Monday, June 16, 2008

Parenting lessons

I love being a Mom, and cant wait for my girlfriends (I have 3 close friends and 2 other girlfriends pregnant all at the same time!!!) to have their babies so we all can feel the joy and love that having a child brings. I also cant wait for them to become parents so they can experience for themselves the decisions, struggles and challenges that being a parent inherently comes with.

What I struggle with lately is that parenting requires a level of communication that I don't currently possess. And trying to work through all of the variables is exhausting. Making sure you are setting good examples, guiding their decisions, averting danger while still allowing exploration, showing love and tolerance...etc., etc., etc. Again, I love being a Mom and every ounce of energy expelled is worth it. But, when my closest girlfriends are all in the (first) pregnancy faze--I can scarcely relate my struggles and challenges to them. Nor would I want to spoil any of their joy and expectations.

More accurately though--I don't think they can relate (sorry gals if you are reading this) to how difficult it is to a Mom yet. I will share this example with you to make my point. Before I had a child I was naive enough to tell my MIL that my kid wouldn't be allowed to have toys. Uh huh, yeah right. When I said this she just smiled at me with a knowing look and kept her mouth closed. All the while knowing that I was nuts.

If I could take my MIL's lead and not say anything when similar exchanges occur between me a pregnant friends I would be much better off. It is a struggle for me to listen to my friends say and do things that I suspect (from experience) will turn out different once the child is born. Moreover, it is excruciating for me to listen to people who don't have kids yet give me advise about how to parent my son.

So, my goal and lesson this week is to learn how to be more tolerant and accepting of other peoples feelings and opinions on the matter of parenting. I don't want to be known as the the 'know-it-all' preachy friend--so this is critical.
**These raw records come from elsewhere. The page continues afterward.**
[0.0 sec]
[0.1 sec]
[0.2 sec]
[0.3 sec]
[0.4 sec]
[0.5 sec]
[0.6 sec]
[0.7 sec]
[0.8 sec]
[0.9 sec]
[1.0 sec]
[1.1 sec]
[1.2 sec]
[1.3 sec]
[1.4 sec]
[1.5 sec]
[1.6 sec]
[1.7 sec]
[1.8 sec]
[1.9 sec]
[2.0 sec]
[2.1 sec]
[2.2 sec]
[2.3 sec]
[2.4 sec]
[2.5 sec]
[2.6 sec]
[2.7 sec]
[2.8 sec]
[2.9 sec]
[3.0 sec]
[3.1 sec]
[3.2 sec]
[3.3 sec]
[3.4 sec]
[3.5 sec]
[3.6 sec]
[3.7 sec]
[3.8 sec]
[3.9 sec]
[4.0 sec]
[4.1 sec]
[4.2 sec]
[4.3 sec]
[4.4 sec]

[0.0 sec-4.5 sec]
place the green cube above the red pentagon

I also need to learn how to keep my thoughts and opinions to myself so that others can learn from their own experiences. But most important is for me to learn how to say what I feel and know is best for my family with more conviction.
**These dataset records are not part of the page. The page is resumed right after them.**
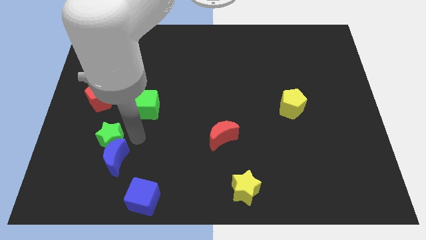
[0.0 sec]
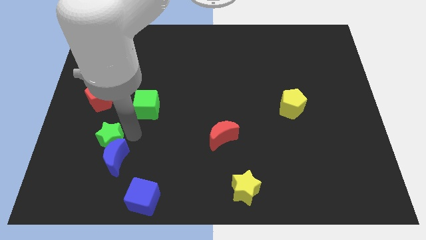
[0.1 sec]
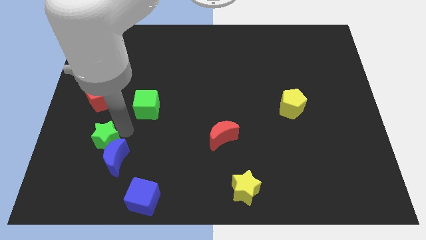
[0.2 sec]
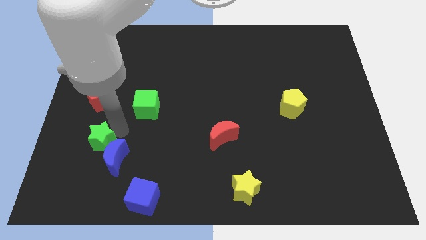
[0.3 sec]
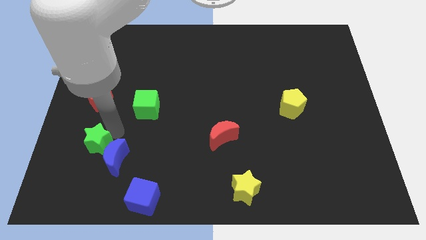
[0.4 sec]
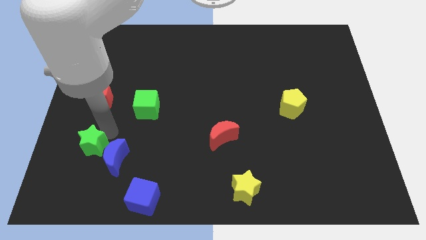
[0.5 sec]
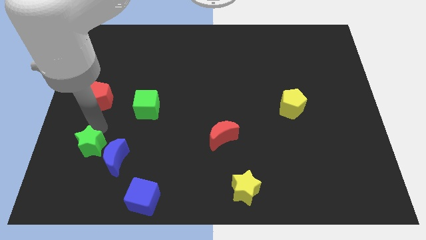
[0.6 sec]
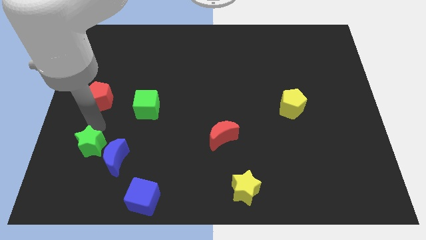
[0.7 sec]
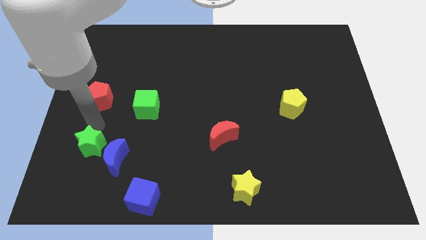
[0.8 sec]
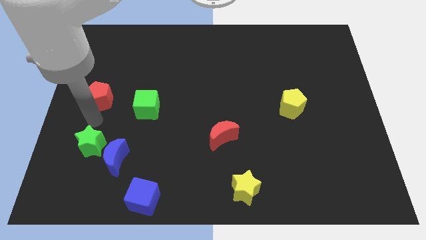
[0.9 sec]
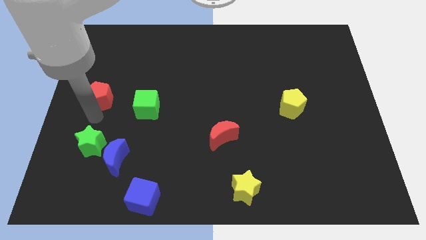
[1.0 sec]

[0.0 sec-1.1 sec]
push the green star towards the left side of the board

Several times over this weekend I should have spoken out about things I wasn't comfortable with as it relates to raising my son, and I didn't. I should have stood my ground on my beliefs and just said that I wasnt comfortable with something. But, for some reason I didn't and regretted not speaking out when I had the chance. I am still sorting this one out, and will let you know what the result is soon.

Phew, I feel better having shared my feelings. It was weighing heavy on me. Now, I can more easily move to the action phase. Comments always welcome.

Friday, May 30, 2008

poison thoughts

I have so many things to say these days--but, I dont. I have been keeping a lot of feelings bunched up inside of me--and I think they are poisoning me.

Tell us, you say, oh so loyal blog readers? I simply must first tell the people these feelings are directed at. And then, hopefully, I can share my feelings on the matter.

As I learned in a earlier post--I could run the risk of hurting some unsuspecting friends feelings and of seeming passive-agressive. Which would not serve my cause at all.

Why am I keeping these feelings bottled up inside of me? I think I am afraid of the outcome. If I dont share--I can stave off the inevitable. Flawed logic, of course.

Sunday, May 18, 2008

Friendship

Today, and several times over the last few months I have been analyzing my friendships. With this analysis, I have come to realize (through the lack of verbal conversations, emails and phone exchanges) that some of my friendships are lopsided--where I consider the person more of a friend than they consider me. This is where I get my feelings hurt. Ouch.